- Exercise description -
Going through the listing below, work out how many lines include "xmlns" and give that number by itself.

Stored data below:

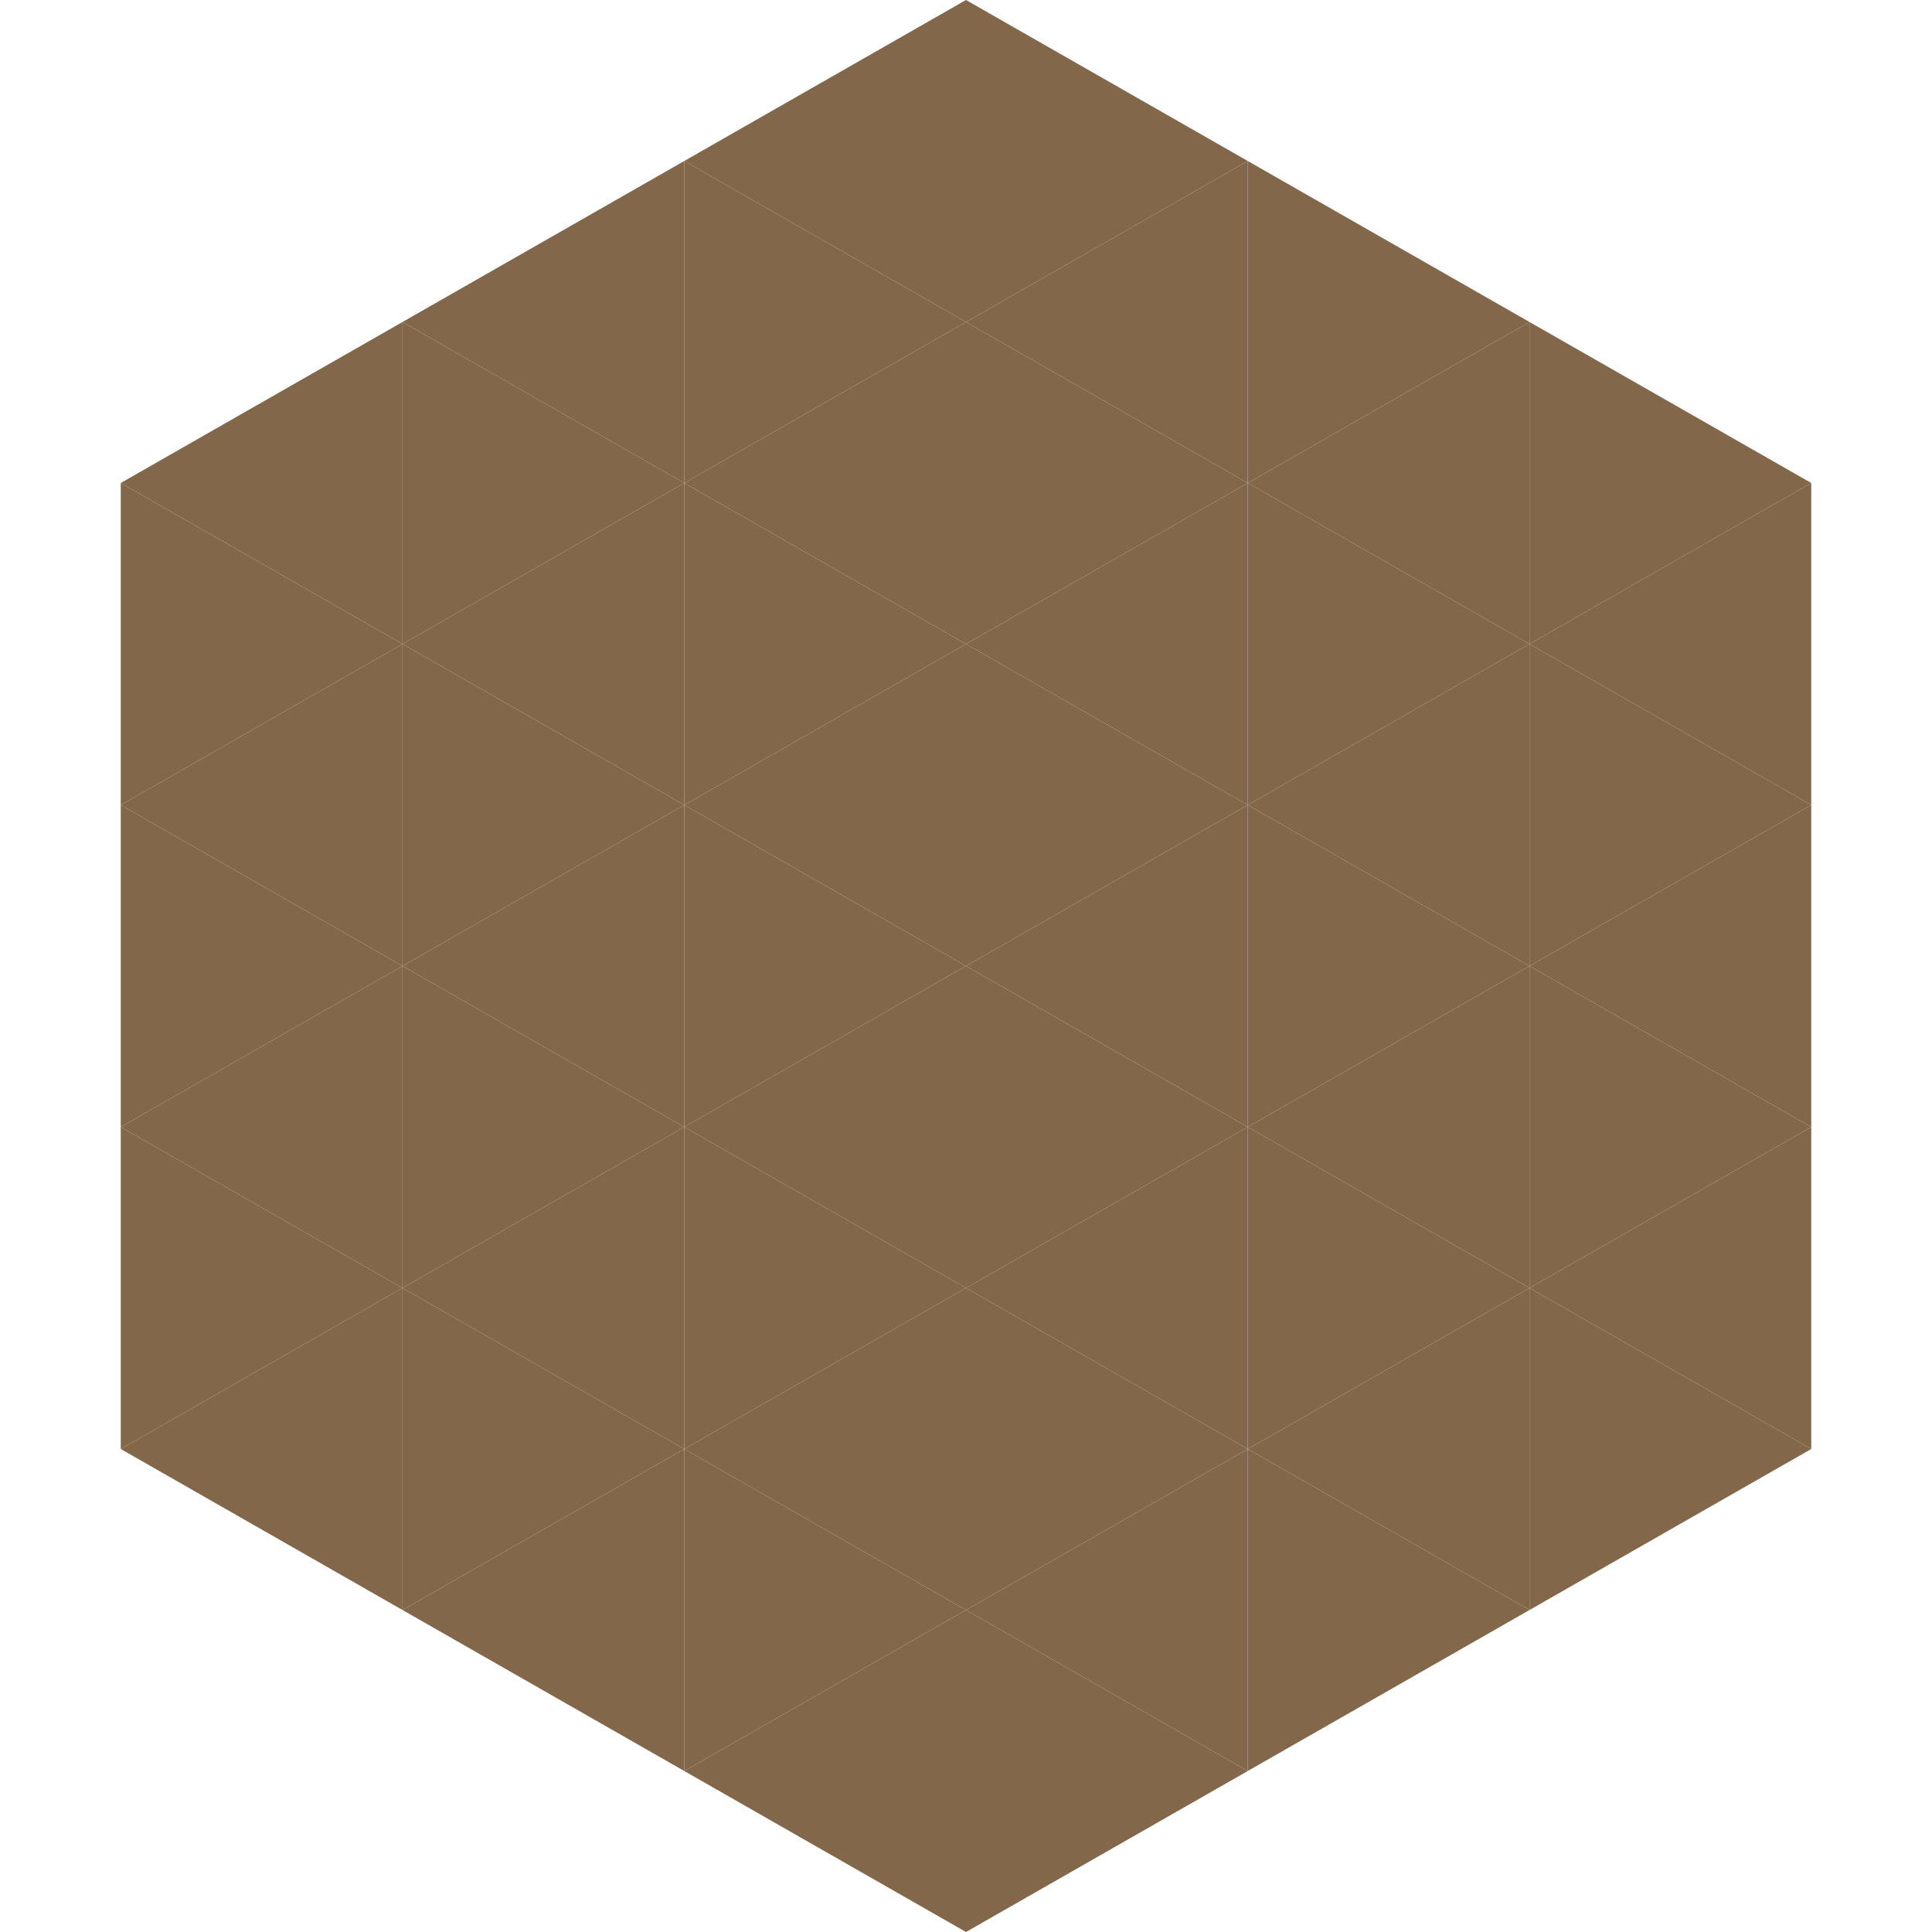 <?xml version="1.0"?>
<!-- Generated by SVGo -->
<svg width="240" height="240"
     xmlns="http://www.w3.org/2000/svg"
     xmlns:xlink="http://www.w3.org/1999/xlink">
<polygon points="50,40 15,60 50,80" style="fill:rgb(130,103,75)" />
<polygon points="190,40 225,60 190,80" style="fill:rgb(130,103,75)" />
<polygon points="15,60 50,80 15,100" style="fill:rgb(130,103,75)" />
<polygon points="225,60 190,80 225,100" style="fill:rgb(130,103,75)" />
<polygon points="50,80 15,100 50,120" style="fill:rgb(130,103,75)" />
<polygon points="190,80 225,100 190,120" style="fill:rgb(130,103,75)" />
<polygon points="15,100 50,120 15,140" style="fill:rgb(130,103,75)" />
<polygon points="225,100 190,120 225,140" style="fill:rgb(130,103,75)" />
<polygon points="50,120 15,140 50,160" style="fill:rgb(130,103,75)" />
<polygon points="190,120 225,140 190,160" style="fill:rgb(130,103,75)" />
<polygon points="15,140 50,160 15,180" style="fill:rgb(130,103,75)" />
<polygon points="225,140 190,160 225,180" style="fill:rgb(130,103,75)" />
<polygon points="50,160 15,180 50,200" style="fill:rgb(130,103,75)" />
<polygon points="190,160 225,180 190,200" style="fill:rgb(130,103,75)" />
<polygon points="15,180 50,200 15,220" style="fill:rgb(255,255,255); fill-opacity:0" />
<polygon points="225,180 190,200 225,220" style="fill:rgb(255,255,255); fill-opacity:0" />
<polygon points="50,0 85,20 50,40" style="fill:rgb(255,255,255); fill-opacity:0" />
<polygon points="190,0 155,20 190,40" style="fill:rgb(255,255,255); fill-opacity:0" />
<polygon points="85,20 50,40 85,60" style="fill:rgb(130,103,75)" />
<polygon points="155,20 190,40 155,60" style="fill:rgb(130,103,75)" />
<polygon points="50,40 85,60 50,80" style="fill:rgb(130,103,75)" />
<polygon points="190,40 155,60 190,80" style="fill:rgb(130,103,75)" />
<polygon points="85,60 50,80 85,100" style="fill:rgb(130,103,75)" />
<polygon points="155,60 190,80 155,100" style="fill:rgb(130,103,75)" />
<polygon points="50,80 85,100 50,120" style="fill:rgb(130,103,75)" />
<polygon points="190,80 155,100 190,120" style="fill:rgb(130,103,75)" />
<polygon points="85,100 50,120 85,140" style="fill:rgb(130,103,75)" />
<polygon points="155,100 190,120 155,140" style="fill:rgb(130,103,75)" />
<polygon points="50,120 85,140 50,160" style="fill:rgb(130,103,75)" />
<polygon points="190,120 155,140 190,160" style="fill:rgb(130,103,75)" />
<polygon points="85,140 50,160 85,180" style="fill:rgb(130,103,75)" />
<polygon points="155,140 190,160 155,180" style="fill:rgb(130,103,75)" />
<polygon points="50,160 85,180 50,200" style="fill:rgb(130,103,75)" />
<polygon points="190,160 155,180 190,200" style="fill:rgb(130,103,75)" />
<polygon points="85,180 50,200 85,220" style="fill:rgb(130,103,75)" />
<polygon points="155,180 190,200 155,220" style="fill:rgb(130,103,75)" />
<polygon points="120,0 85,20 120,40" style="fill:rgb(130,103,75)" />
<polygon points="120,0 155,20 120,40" style="fill:rgb(130,103,75)" />
<polygon points="85,20 120,40 85,60" style="fill:rgb(130,103,75)" />
<polygon points="155,20 120,40 155,60" style="fill:rgb(130,103,75)" />
<polygon points="120,40 85,60 120,80" style="fill:rgb(130,103,75)" />
<polygon points="120,40 155,60 120,80" style="fill:rgb(130,103,75)" />
<polygon points="85,60 120,80 85,100" style="fill:rgb(130,103,75)" />
<polygon points="155,60 120,80 155,100" style="fill:rgb(130,103,75)" />
<polygon points="120,80 85,100 120,120" style="fill:rgb(130,103,75)" />
<polygon points="120,80 155,100 120,120" style="fill:rgb(130,103,75)" />
<polygon points="85,100 120,120 85,140" style="fill:rgb(130,103,75)" />
<polygon points="155,100 120,120 155,140" style="fill:rgb(130,103,75)" />
<polygon points="120,120 85,140 120,160" style="fill:rgb(130,103,75)" />
<polygon points="120,120 155,140 120,160" style="fill:rgb(130,103,75)" />
<polygon points="85,140 120,160 85,180" style="fill:rgb(130,103,75)" />
<polygon points="155,140 120,160 155,180" style="fill:rgb(130,103,75)" />
<polygon points="120,160 85,180 120,200" style="fill:rgb(130,103,75)" />
<polygon points="120,160 155,180 120,200" style="fill:rgb(130,103,75)" />
<polygon points="85,180 120,200 85,220" style="fill:rgb(130,103,75)" />
<polygon points="155,180 120,200 155,220" style="fill:rgb(130,103,75)" />
<polygon points="120,200 85,220 120,240" style="fill:rgb(130,103,75)" />
<polygon points="120,200 155,220 120,240" style="fill:rgb(130,103,75)" />
<polygon points="85,220 120,240 85,260" style="fill:rgb(255,255,255); fill-opacity:0" />
<polygon points="155,220 120,240 155,260" style="fill:rgb(255,255,255); fill-opacity:0" />
</svg>

End of Stored data.

- Reply to the exercise -
2